[Data extracted from a collection]
####################

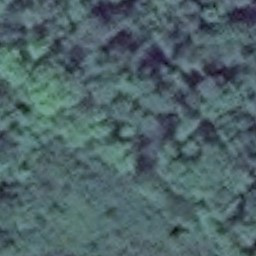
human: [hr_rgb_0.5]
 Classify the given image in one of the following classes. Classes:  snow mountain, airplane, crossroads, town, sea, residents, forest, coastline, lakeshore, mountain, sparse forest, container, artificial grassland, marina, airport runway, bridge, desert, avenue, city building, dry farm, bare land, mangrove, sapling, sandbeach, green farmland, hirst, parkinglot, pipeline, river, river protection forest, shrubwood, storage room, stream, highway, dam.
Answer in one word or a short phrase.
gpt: forest
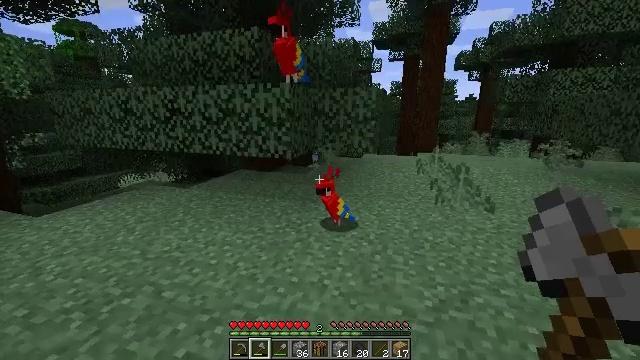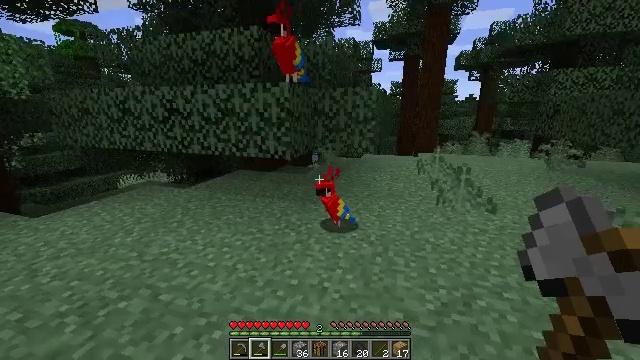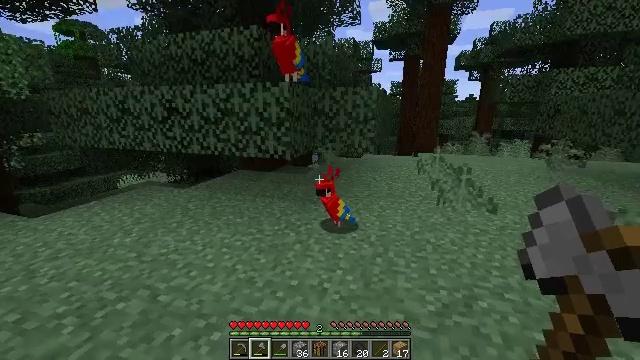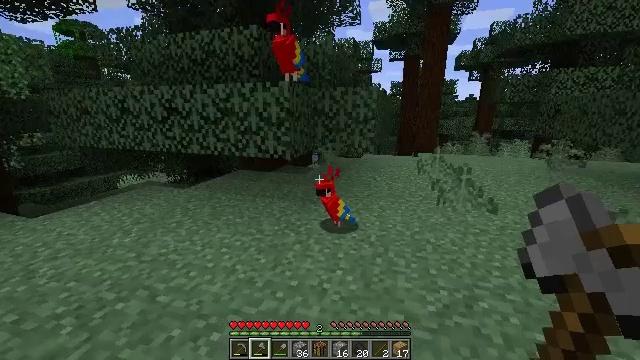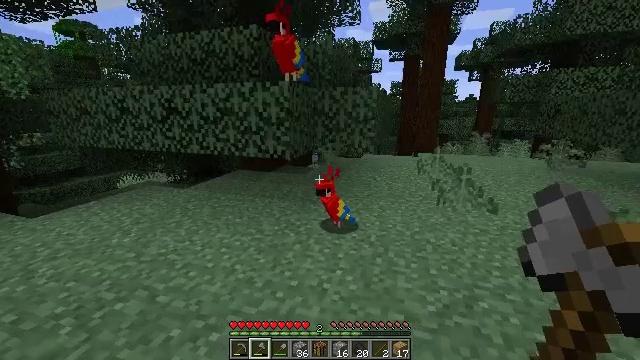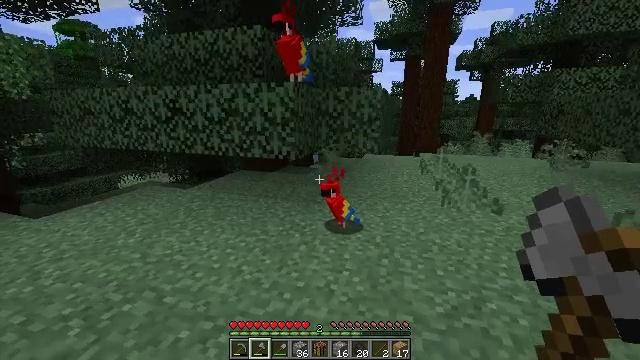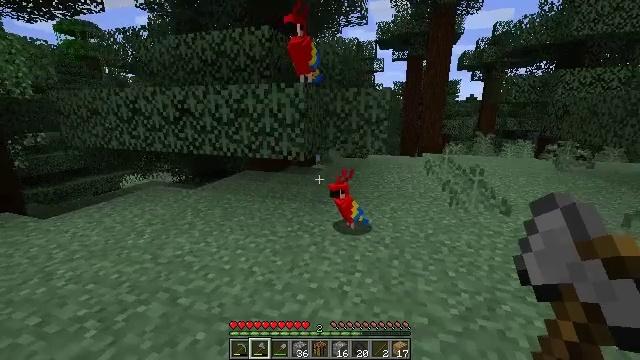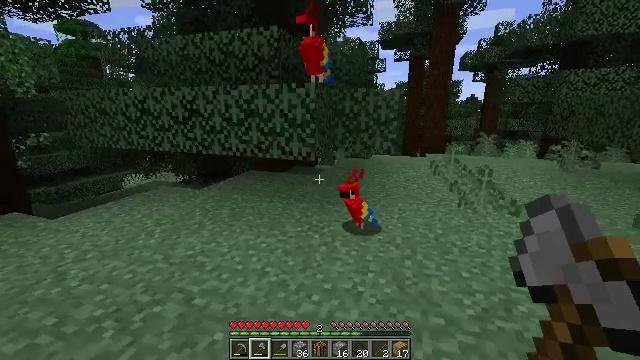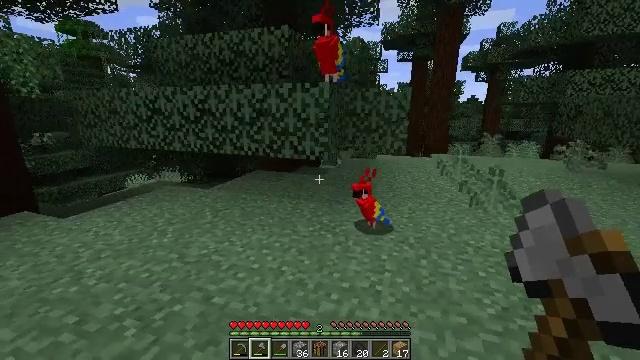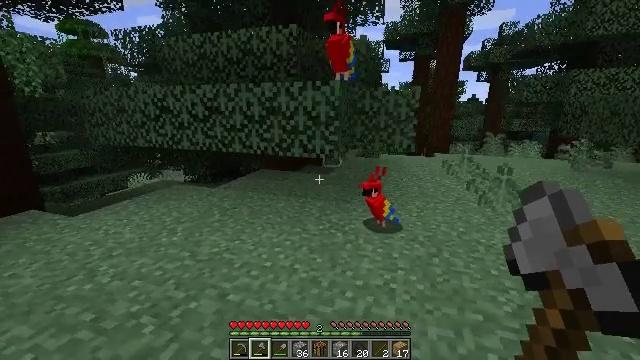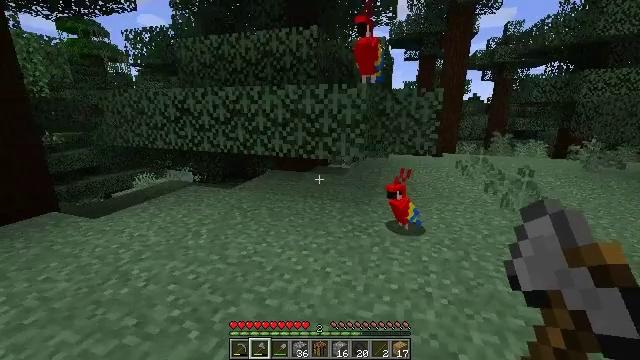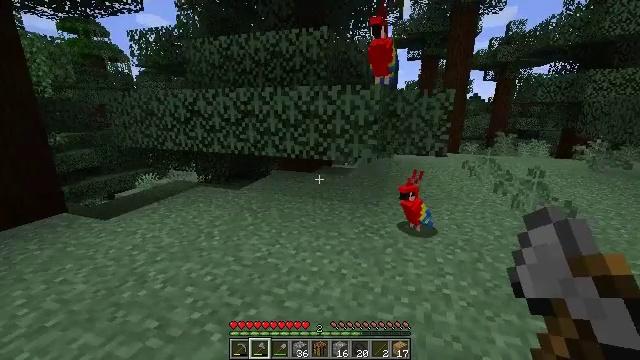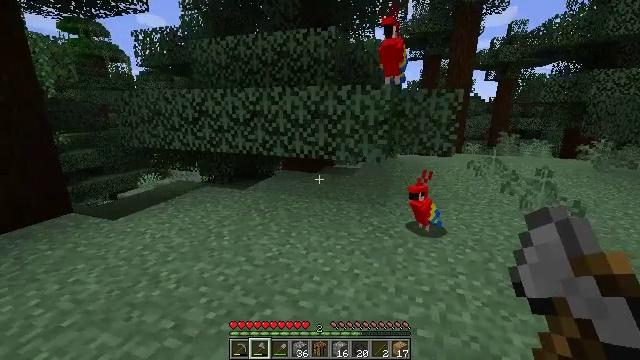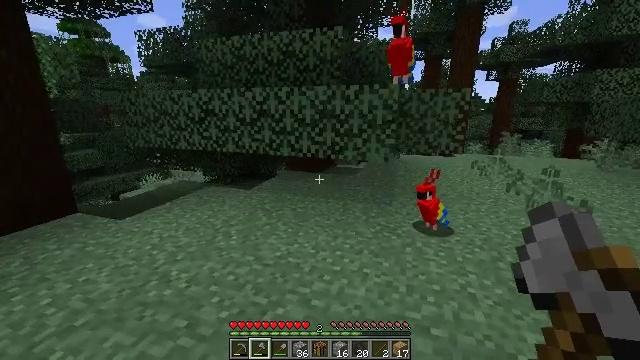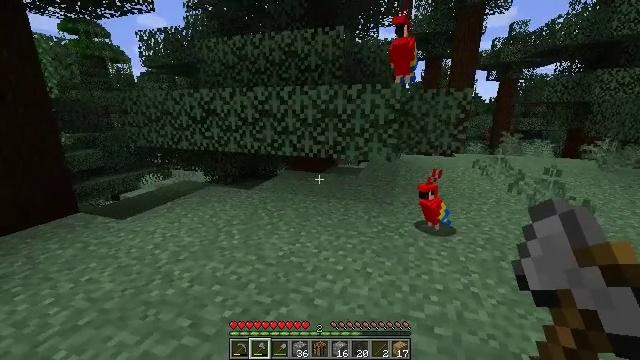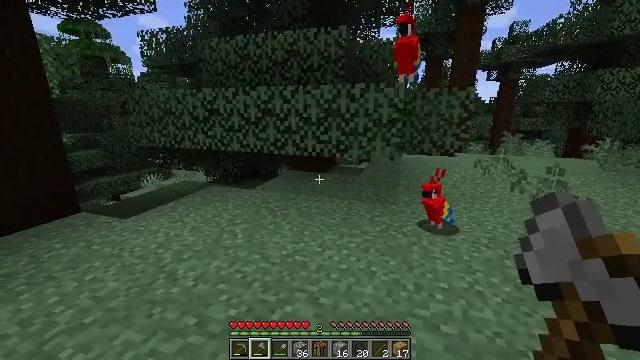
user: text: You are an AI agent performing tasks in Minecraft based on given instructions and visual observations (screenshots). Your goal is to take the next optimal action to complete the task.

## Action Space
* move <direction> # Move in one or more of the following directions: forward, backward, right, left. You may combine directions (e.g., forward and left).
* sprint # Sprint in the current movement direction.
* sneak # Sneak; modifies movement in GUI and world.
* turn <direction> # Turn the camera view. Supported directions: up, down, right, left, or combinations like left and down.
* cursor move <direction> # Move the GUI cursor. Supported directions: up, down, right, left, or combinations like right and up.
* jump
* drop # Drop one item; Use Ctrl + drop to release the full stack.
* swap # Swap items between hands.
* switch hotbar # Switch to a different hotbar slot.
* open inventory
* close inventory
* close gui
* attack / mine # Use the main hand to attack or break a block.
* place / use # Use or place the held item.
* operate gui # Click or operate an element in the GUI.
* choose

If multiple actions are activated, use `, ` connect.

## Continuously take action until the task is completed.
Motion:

####################

- [What needs to be done] Count the lines in the entries that hold the word "direction", and give nothing but the total.

- [Exercise result] 4